** Opening Data provided block **
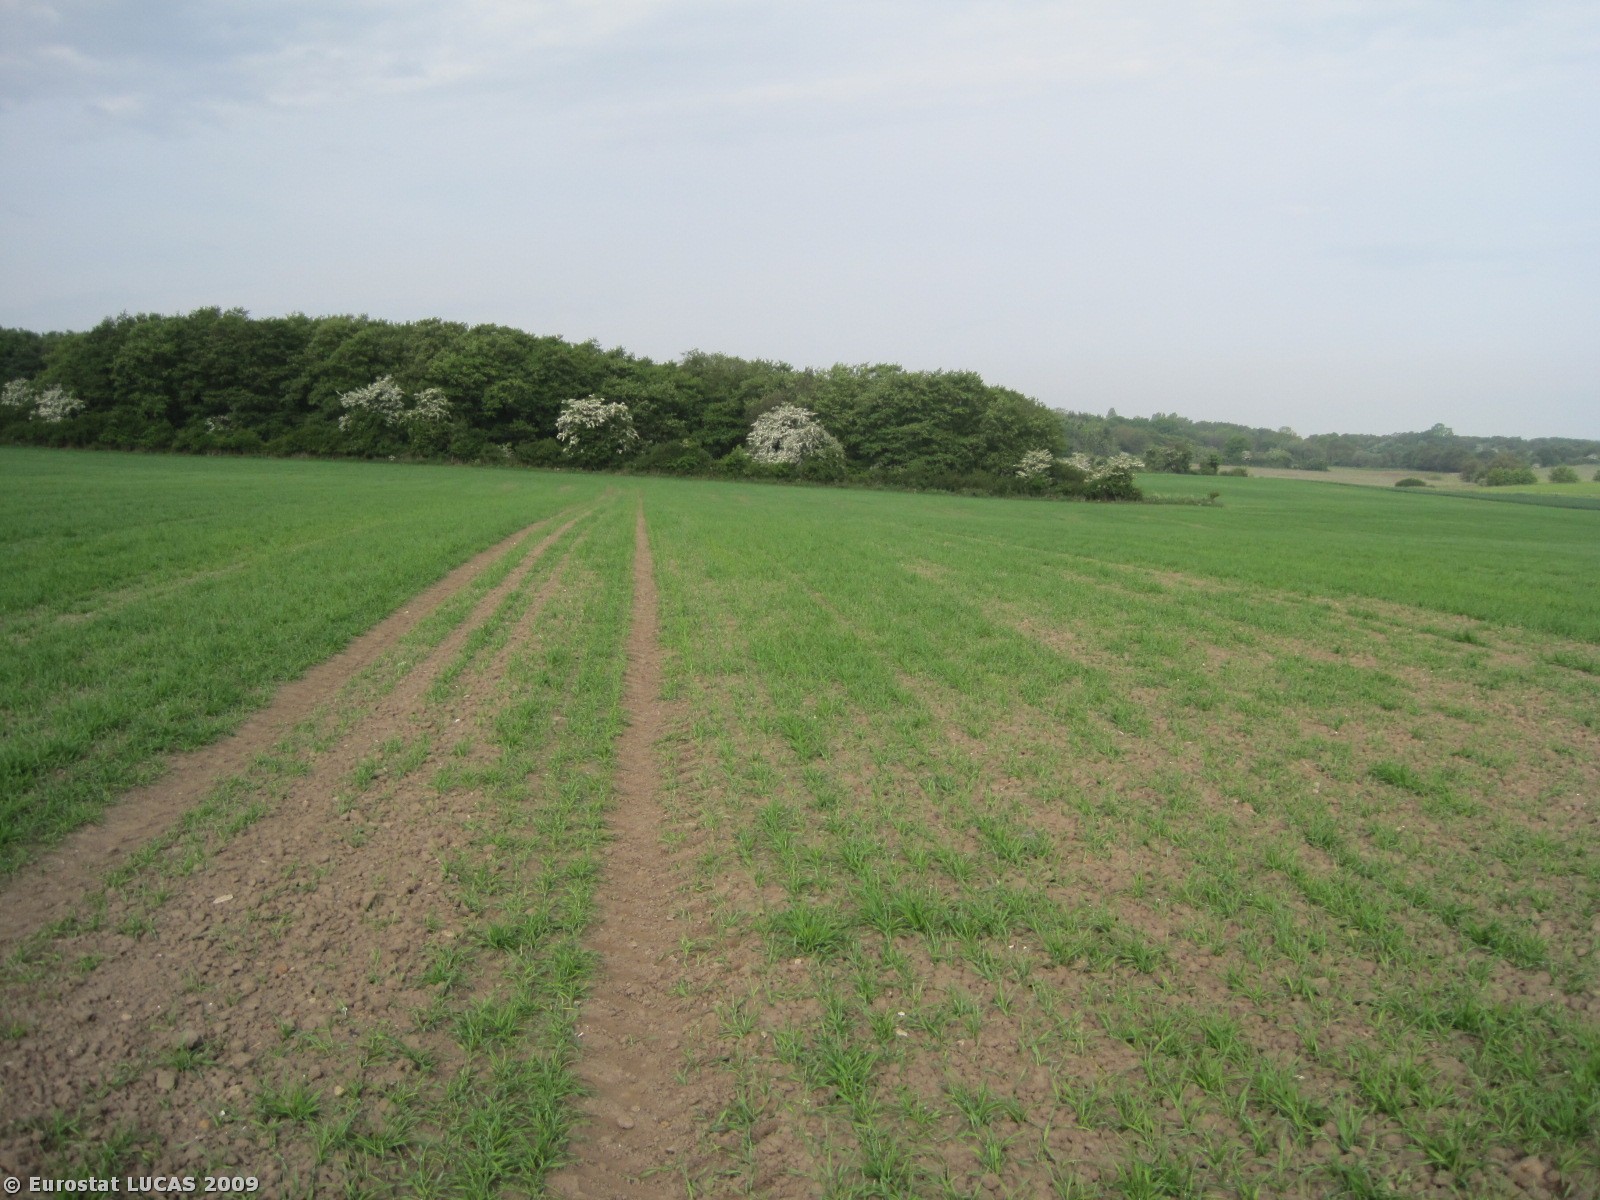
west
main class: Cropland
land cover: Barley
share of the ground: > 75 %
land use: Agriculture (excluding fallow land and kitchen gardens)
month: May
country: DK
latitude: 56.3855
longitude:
** Closing Data provided block **
What is required
Copy the listing over exactly, skipping the pictures it holds.

Result of the exercise
west
main class: Cropland
land cover: Barley
share of the ground: > 75 %
land use: Agriculture (excluding fallow land and kitchen gardens)
month: May
country: DK
latitude: 56.3855
longitude:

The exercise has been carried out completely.